Nobody knows quite what the Supreme Court's equal-protection jurisprudence will look like in the era after Justice Kennedy, but those who favor integrative, race-conscious state action are understandably pessimistic. (1) Although Justice Kennedy could be a fierce critic of governmental consideration of race, he also resisted, at key moments, the "ail-too-unyielding" colorblindness embraced by those to his right. (2) Unless another member of the Court's conservative majority steps into that role, the proverbial dam will break. In doctrinal terms, more ways of accounting for race will be subjected to strict scrutiny and that scrutiny will more often prove to be "fatal in fact." (3) In practical terms, affirmative-action policies, disparate-impact prohibitions, and race-conscious decisions about school sites and attendance zones all appear under renewed threat. (4)

This moment of transition invites varied responses, but central among them should be a renewed effort to engage the case for colorblindness on its own philosophical terms. For decades, scholars have debated, and mainly criticized, the modern Court's "choice to privilege individualism as a core equal protection value." (5) But it now seems clear that, for better or worse, this basic outlook will continue to shape equal-protection law for the foreseeable future. And so it is particularly important now to ask not only what values ought, in principle, to orient equal-protection law but also whether the "individualistic" orientation embraced by the Court would justify its doubling down on colorblindness in the way that many expect.

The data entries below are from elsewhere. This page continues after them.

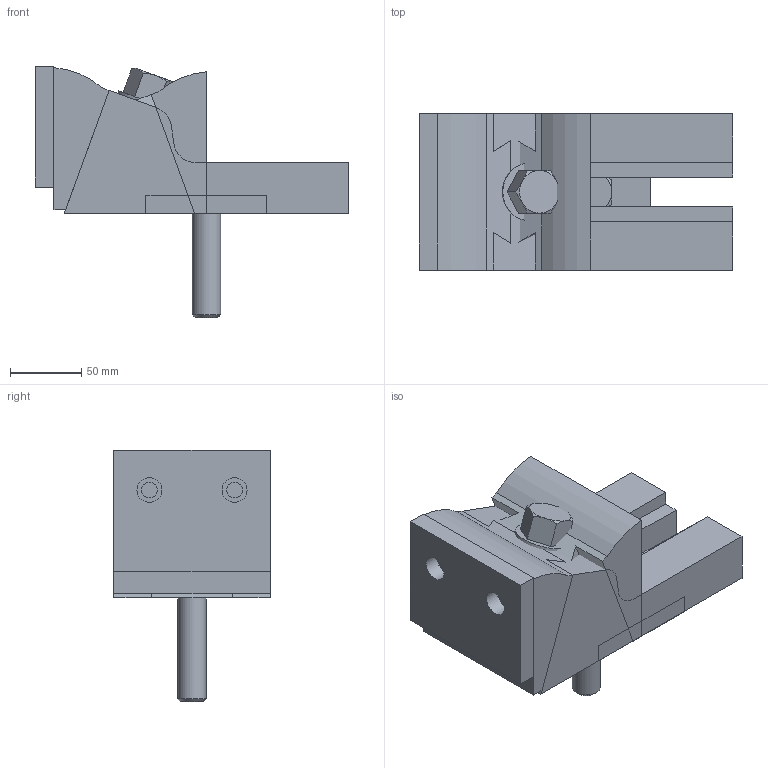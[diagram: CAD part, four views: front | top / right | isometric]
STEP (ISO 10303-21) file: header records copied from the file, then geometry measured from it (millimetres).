
FILE_DESCRIPTION( ( 'Unknown' ), '1' );
FILE_NAME( 'CP23-20200.stp', 'Unknown', ( 'Unknown' ), ( 'Unknown' ), 'XStep 1.0', 'Unknown', ' ' );
FILE_SCHEMA( ( 'CONFIG_CONTROL_DESIGN' ) );
Length unit declared in the file: millimetre
Products named in the file (5): Assem1; 1; 2; 3; 4
Bounding box: 220.24 x 110 x 176.95 mm (x, y, z)
Volume: 2688183.5 mm3; surface area: 305429.8 mm2
Topology: 8 solids, 8 shells, 130 faces, 308 edges, 202 vertices
Faces by surface type: plane 94, cylinder 22, cone 14
Full cylindrical faces by diameter (mm): 11 x4, 17.5 x4, 20 x2, 41 x2
Entity records: 2146 total; most frequent: CARTESIAN_POINT 443, DIRECTION 302, ORIENTED_EDGE 290, EDGE_CURVE 145, LINE 102, VECTOR 102, AXIS2_PLACEMENT_3D 100, VERTEX_POINT 99
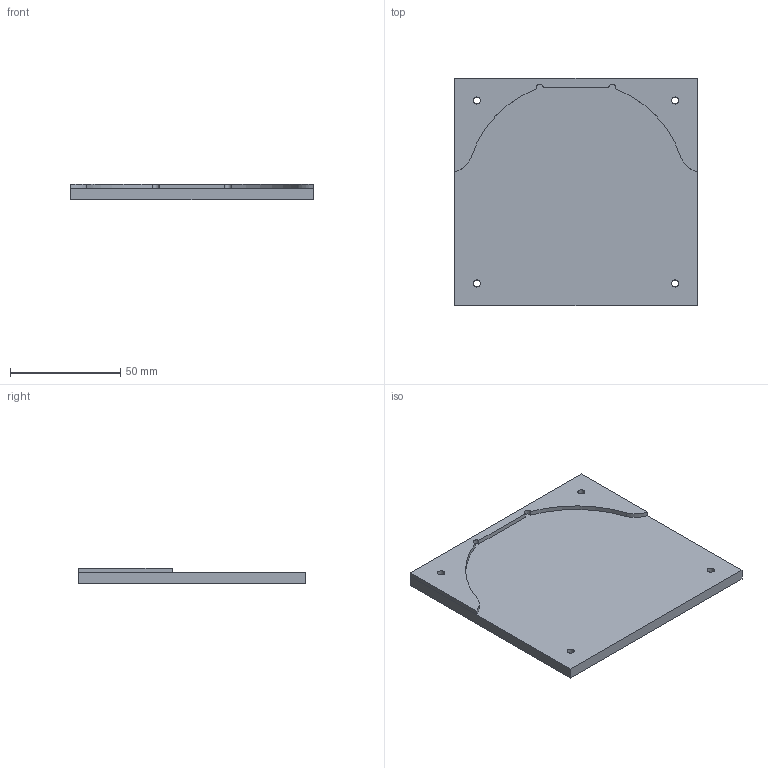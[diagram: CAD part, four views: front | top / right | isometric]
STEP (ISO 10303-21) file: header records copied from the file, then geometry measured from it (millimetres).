
FILE_DESCRIPTION(/* description */ ('STEP AP242','CAx-IF Rec.Pracs.---Representation and Presentation of Product Manufacturing Information (PMI)---4.0---2014-10-13','CAx-IF Rec.Pracs.---3D Tessellated Geometry---0.4---2014-09-14','2;1'),/* implementation_level */ '2;1');
FILE_NAME(/* name */ '657f1618c749471c5e873e90',/* time_stamp */ '2023-12-17T15:39:05Z',/* author */ (''),/* organization */ (''),/* preprocessor_version */ 'ST-DEVELOPER v19.4',/* originating_system */ ' ',/* authorisation */ ' ');
FILE_SCHEMA (('AP242_MANAGED_MODEL_BASED_3D_ENGINEERING_MIM_LF { 1 0 10303 442 1 1 4 }'));
Length unit declared in the file: metre
Products named in the file (3): Assembly 1; Part 1
Assembly tree (2 placements, depth 2):
  Assembly 1
    Part 1
    Part 1
Bounding box: 110 x 103 x 7 mm (x, y, z)
Volume: 50845 mm3; surface area: 29610.2 mm2
Topology: 2 solids, 2 shells, 61 faces, 160 edges, 108 vertices
Faces by surface type: plane 45, cylinder 16
Full cylindrical faces by diameter (mm): 3.2 x6
Entity records: 1903 total; most frequent: CARTESIAN_POINT 318, DIRECTION 310, ORIENTED_EDGE 300, EDGE_CURVE 150, LINE 118, VECTOR 118, VERTEX_POINT 104, AXIS2_PLACEMENT_3D 96
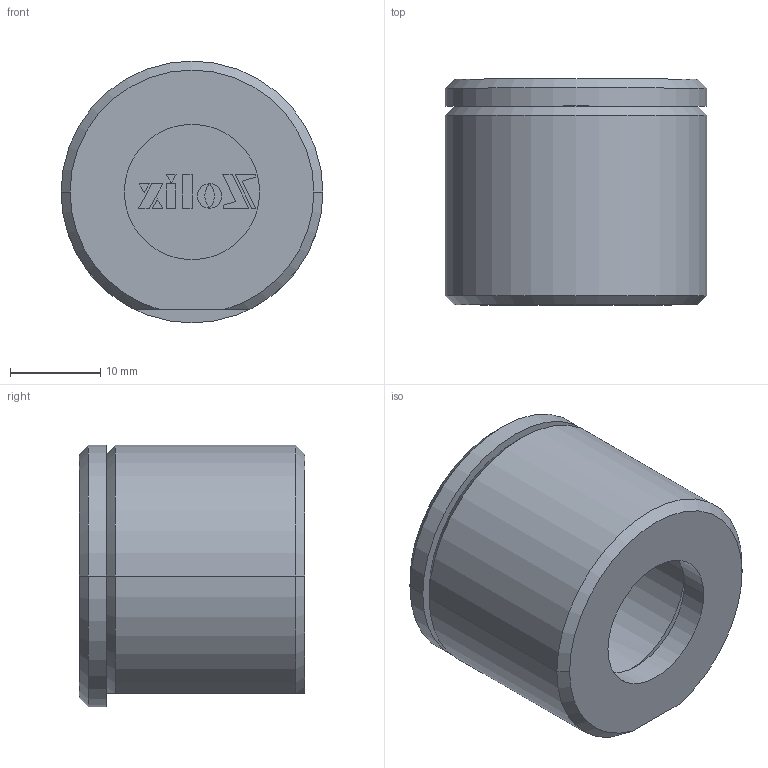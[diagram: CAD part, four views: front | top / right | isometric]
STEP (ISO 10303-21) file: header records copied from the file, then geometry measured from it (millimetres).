
FILE_DESCRIPTION (( 'STEP AP203' ), '1' );
FILE_NAME ('ABC-15.STEP', '2022-03-14T06:36:50', ( 'Windows User' ), ( 'P R C' ), 'SwSTEP 2.0', 'SolidWorks 2020', '' );
FILE_SCHEMA (( 'CONFIG_CONTROL_DESIGN' ));
Length unit declared in the file: millimetre
Products named in the file (1): ABC-15
Bounding box: 29 x 25 x 29 mm (x, y, z)
Surface area: 5007.1 mm2 (no closed solid volume)
Topology: 0 solids, 4 shells, 66 faces, 388 edges, 322 vertices
Faces by surface type: plane 45, cylinder 11, cone 10
Entity records: 3846 total; most frequent: CARTESIAN_POINT 855, DIRECTION 552, ORIENTED_EDGE 512, EDGE_CURVE 388, LINE 346, VECTOR 346, VERTEX_POINT 322, AXIS2_PLACEMENT_3D 103

This Article takes up the latter question and argues that the answer is "no." It advances that claim by offering a new analytical framework for understanding, and then evaluating, a central pillar in the standard case for colorblindness: the claim that race-based state action wrongfully fails to treat people as individuals. (6) That charge will be familiar to any reader of the Court's equal-protection cases; it has become a land of mantra in opinions condemning race-based state action. As the Court's colorblindness advocates have most often put it:

[A]t the heart of the Constitution's guarantee of equal protection lies the simple command that the Government must treat citizens as individuals, not as simply components of a racial, religious, sexual or national class. (7) According to this line of thought, race-based differential treatment is at odds with proper respect for a person's standing as a person, because it treats her as a mere instance of an unchosen racial type instead. Race-based state action, in other words, "causes 'fundamental injury' to the 'individual rights of a person'" (8) because it "treat[s] individuals as the product of their race," (9) fails to show "respect based on the unique personality each of us possesses," (10) and so infringes the '"personal right[]' to be treated with equal dignity and respect." (11)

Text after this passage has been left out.